A glimpse of immortals.......2005-11-21
"You can't be in a hurry. You have to be prepared to devote your whole life to your practice," says Master Hsueh T'ai-li after forty-five years on the slopes and summits of Huashan. "This is what's meant by religion. It's not a matter of spending money. You have to spend your life."
"Road to Heaven, Encounters with Chinese Hermits" by Bill Porter provides a fleeting image of the cloud people, the Chinese hermits who have turned their backs on this world of red dust - and survived.
There is a stark, and sad, contrast between the monks and hermits, and the busy American writer who is rushing about asking homely questions like: "Were you upset when the Red Guards burned your library?" or "Do you get any mail?"
"Taoism is very deep. There's a great del to learn, and you can't do it quickly. The Tao isn't something that can be put into words. You have to practice before you can understand," reiterates Master Hsueh.
And yet I find myself returning to this "Road to Heaven" because it captures a few anecdotes, gems and asides about famous and unknown hermits that makes it worthwhile reading. Searching for a lost quote, I return to the hasty interviews with abbots and nuns standing guard at old temples and crumbling shrines. And I find more layers to their brief stories than first meets the eye.
There is stillness and tranquility in the frugal lives of these Chinese hermits, and a firm and unwavering grip on the essentials of a religion. They represent the last living flicker of the spiritual wisdom originating with Lao-tzu thousands of years ago. And now their world is vanishing into the darkness, like the last sparks from a windswept fire.
From Communism to Tourism.......2005-11-02
This book is a great account of traveling in communist China and searching for the remnant hermit monks in the country's rugged mountains. I've noticed many reviewers apparently expected all sorts of different things from this book - Porter as enlightened writer weilding his pen as a delusion-cutting sword, hermit wisdom never before heard in the west that offers instant nirvana, etc. But the book is just what the title says it is: encounters with Chinese hermits, who, by going deep into the mountains and saving the essentials of their practice are "on the road to heaven."
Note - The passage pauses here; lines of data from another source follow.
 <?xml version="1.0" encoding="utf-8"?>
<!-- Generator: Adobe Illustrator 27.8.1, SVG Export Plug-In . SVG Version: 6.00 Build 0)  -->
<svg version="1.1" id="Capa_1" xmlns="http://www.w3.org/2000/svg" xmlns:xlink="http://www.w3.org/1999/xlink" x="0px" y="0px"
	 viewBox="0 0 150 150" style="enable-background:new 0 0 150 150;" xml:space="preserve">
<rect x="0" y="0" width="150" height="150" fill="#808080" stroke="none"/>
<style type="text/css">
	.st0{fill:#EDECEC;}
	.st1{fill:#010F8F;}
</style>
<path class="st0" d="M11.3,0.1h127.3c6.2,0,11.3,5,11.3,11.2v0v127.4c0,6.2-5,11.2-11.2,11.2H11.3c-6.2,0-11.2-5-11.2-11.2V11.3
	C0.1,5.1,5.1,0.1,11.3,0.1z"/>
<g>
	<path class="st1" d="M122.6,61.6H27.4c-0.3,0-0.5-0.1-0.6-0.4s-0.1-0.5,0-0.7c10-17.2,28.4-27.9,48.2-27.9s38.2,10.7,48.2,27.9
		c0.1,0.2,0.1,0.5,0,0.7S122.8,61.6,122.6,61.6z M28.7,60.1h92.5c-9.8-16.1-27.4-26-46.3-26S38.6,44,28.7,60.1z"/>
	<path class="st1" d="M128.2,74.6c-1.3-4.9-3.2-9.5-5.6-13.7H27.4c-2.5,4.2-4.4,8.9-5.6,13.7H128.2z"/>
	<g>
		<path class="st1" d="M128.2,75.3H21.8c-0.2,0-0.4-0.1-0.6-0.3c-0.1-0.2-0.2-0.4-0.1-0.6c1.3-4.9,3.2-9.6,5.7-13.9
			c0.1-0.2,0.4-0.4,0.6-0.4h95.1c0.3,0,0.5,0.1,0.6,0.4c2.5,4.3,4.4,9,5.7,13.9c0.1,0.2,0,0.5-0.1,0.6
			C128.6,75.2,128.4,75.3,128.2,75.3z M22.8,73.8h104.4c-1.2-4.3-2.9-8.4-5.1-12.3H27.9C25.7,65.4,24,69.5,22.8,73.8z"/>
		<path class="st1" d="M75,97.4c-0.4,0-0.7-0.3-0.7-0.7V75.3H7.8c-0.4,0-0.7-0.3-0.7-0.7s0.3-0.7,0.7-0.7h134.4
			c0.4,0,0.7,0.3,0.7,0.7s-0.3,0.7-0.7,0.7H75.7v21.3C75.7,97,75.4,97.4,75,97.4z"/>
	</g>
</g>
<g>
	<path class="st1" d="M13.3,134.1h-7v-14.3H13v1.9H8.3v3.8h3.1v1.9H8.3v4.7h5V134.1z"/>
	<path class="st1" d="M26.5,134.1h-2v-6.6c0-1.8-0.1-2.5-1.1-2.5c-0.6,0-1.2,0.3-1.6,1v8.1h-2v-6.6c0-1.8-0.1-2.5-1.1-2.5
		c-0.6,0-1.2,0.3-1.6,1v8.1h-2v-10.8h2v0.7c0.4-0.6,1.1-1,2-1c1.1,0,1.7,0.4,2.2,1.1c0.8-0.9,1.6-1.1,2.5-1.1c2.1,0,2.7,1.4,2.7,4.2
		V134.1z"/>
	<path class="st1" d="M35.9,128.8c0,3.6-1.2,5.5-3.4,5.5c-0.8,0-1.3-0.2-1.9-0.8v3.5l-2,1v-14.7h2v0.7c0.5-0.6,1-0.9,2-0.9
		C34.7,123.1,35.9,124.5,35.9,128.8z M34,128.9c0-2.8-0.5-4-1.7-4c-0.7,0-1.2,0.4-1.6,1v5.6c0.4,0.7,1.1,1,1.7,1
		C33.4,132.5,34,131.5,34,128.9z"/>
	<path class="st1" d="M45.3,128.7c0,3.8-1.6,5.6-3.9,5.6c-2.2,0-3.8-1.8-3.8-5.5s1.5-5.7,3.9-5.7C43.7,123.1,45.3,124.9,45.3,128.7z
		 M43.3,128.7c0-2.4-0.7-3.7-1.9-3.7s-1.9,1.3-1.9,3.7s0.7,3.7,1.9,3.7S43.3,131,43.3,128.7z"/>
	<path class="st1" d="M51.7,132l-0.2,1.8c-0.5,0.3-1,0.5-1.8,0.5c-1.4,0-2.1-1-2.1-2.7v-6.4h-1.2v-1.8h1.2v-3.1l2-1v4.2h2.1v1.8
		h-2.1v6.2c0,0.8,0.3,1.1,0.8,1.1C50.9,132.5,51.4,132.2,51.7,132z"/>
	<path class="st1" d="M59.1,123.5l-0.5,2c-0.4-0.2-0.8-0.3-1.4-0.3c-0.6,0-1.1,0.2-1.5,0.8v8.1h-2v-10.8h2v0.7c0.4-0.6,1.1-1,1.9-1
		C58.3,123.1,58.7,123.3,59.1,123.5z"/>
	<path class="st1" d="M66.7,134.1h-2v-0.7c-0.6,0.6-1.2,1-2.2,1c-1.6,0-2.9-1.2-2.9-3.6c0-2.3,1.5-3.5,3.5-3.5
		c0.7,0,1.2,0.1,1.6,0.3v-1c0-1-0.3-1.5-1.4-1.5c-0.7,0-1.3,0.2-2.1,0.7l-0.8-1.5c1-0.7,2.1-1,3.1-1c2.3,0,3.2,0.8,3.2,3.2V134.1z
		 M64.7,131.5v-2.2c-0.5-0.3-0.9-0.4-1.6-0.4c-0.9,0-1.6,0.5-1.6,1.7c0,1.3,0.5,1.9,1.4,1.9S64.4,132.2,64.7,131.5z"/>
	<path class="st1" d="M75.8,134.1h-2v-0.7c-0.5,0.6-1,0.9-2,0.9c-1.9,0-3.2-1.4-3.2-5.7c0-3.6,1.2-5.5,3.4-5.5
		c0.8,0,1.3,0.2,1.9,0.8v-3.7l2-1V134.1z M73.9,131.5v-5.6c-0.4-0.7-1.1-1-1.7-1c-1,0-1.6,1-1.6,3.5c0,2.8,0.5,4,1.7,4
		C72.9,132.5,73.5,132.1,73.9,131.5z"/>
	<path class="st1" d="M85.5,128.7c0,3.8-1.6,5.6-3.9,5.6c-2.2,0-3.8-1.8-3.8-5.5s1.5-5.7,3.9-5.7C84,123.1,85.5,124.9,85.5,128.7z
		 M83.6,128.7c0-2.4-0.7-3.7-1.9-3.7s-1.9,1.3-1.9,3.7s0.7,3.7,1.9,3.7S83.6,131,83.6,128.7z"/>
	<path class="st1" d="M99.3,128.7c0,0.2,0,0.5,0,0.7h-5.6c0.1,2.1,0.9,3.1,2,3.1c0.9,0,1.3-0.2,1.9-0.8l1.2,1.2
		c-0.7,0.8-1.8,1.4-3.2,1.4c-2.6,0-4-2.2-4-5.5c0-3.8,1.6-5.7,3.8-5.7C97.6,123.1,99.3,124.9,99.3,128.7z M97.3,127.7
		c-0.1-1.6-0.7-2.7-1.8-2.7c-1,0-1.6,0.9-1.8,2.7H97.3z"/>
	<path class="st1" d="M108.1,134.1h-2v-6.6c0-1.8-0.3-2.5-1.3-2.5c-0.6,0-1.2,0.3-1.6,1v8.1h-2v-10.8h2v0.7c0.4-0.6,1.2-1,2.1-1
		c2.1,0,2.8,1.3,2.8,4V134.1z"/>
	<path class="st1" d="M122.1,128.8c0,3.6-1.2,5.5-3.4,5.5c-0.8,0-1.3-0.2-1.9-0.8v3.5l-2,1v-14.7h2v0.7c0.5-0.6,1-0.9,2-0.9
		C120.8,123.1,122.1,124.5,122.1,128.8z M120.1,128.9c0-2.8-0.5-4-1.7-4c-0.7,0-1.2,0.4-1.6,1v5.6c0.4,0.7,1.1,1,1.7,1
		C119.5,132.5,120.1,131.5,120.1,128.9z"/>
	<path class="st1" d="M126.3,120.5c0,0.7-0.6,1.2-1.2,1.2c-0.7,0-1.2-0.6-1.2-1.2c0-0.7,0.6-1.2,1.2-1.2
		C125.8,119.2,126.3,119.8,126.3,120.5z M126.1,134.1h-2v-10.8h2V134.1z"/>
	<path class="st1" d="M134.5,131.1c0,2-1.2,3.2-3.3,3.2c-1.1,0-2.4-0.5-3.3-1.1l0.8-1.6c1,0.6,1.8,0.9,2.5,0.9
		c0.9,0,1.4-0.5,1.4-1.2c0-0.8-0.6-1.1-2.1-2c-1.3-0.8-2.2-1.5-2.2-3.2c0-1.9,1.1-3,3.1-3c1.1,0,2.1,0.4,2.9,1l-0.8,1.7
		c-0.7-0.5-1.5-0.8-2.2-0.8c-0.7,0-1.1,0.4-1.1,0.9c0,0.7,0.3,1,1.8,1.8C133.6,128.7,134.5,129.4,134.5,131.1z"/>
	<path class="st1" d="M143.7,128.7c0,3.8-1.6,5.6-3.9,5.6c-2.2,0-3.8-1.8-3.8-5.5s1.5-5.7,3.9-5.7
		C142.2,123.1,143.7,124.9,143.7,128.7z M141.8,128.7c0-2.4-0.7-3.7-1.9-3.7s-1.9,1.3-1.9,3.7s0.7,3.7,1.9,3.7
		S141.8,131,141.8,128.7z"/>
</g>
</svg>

It is refreshing to know that in China there still are hermit monks and nuns, clarifying their insight away from the world's distractions.
The hermits Bill Porter encounters in China have all survived communism, which is one subject of the book. The hardships the monks and nuns faced under communism is not a suprise, what is a suprise is the monks, nuns and temples now being sold as tourist attractions by the Chinese government. An entirely different threat - capitalism - now rears its exhausting head, and the hermits move deeper into the mountains to save their practice from becoming part of a Human Buddhist Zoo.
I stopped wanting to be a hermit.......2005-07-25
I enjoyed this biographical account of extraordinary journeys made by the author, Bill Porter, and his friend Steven Johnson in 1989. Their quest was into the heart of a range of mountains in China rumored by a few to be home to some modern Chinese Buddhist and Taoist hermits. But these hermits have been thought to be long gone, even by Buddhist and Taoist folk living in the local monasteries. Bill Porter followed his heart and a few good leads and encountered some, including some who were unaware that there had been a Maoist "cultural revolution." He was able to interview a number of these sages of the mountains, and here shares them with us plus his own studies and insights into the traditions of Chinese hermits. More exciting than fiction, here is the real deal. Quiet lives hidden away in stark, sparse, cold places, content with a dirt floor and a small fire for tea, not the romantic images I had encountered in reading the ancient poets. You should know that this is more a travelogue of incredible journeys than a book of inspiring insights into Buddhism or Taoism. Jim Harrison calls this book "a startling reminder of how far we have gone astray" and "a part of any serious Zen or Taoist library." I heartily agree.
Great reading enjoyment!.......2005-01-16
This book reads like an adventure story but it is all true...Bill Porter speaks Mandarin and has many friends in China so he could travel into territories where few Westerners are able to go without a guide. He won the trust of many hermits high up in the mountains of China and tells a wonderful tale of their survival against all odds...Sadly, they are a dying breed and the last of a generation who dedicated themselves to a monastic life of meditation and living without wordly goods. A really good read! Marilynn Seits
Book Description
The Chinese Civil War was one of the key conflicts of the twentieth century. The Communist victory determined Chinese history for several generations, and defined international relations in East Asia during the Cold War and after. Despite its importance and scope—its battles were the largest military engagements since World War II—until now remarkably little has been known about the war, and even less about its effects on the societies that suffered through it. This major new history of the Chinese Civil War attempts to answer two central questions: Why was the war fought? What were the immediate and the lasting results of the Communists’ victory?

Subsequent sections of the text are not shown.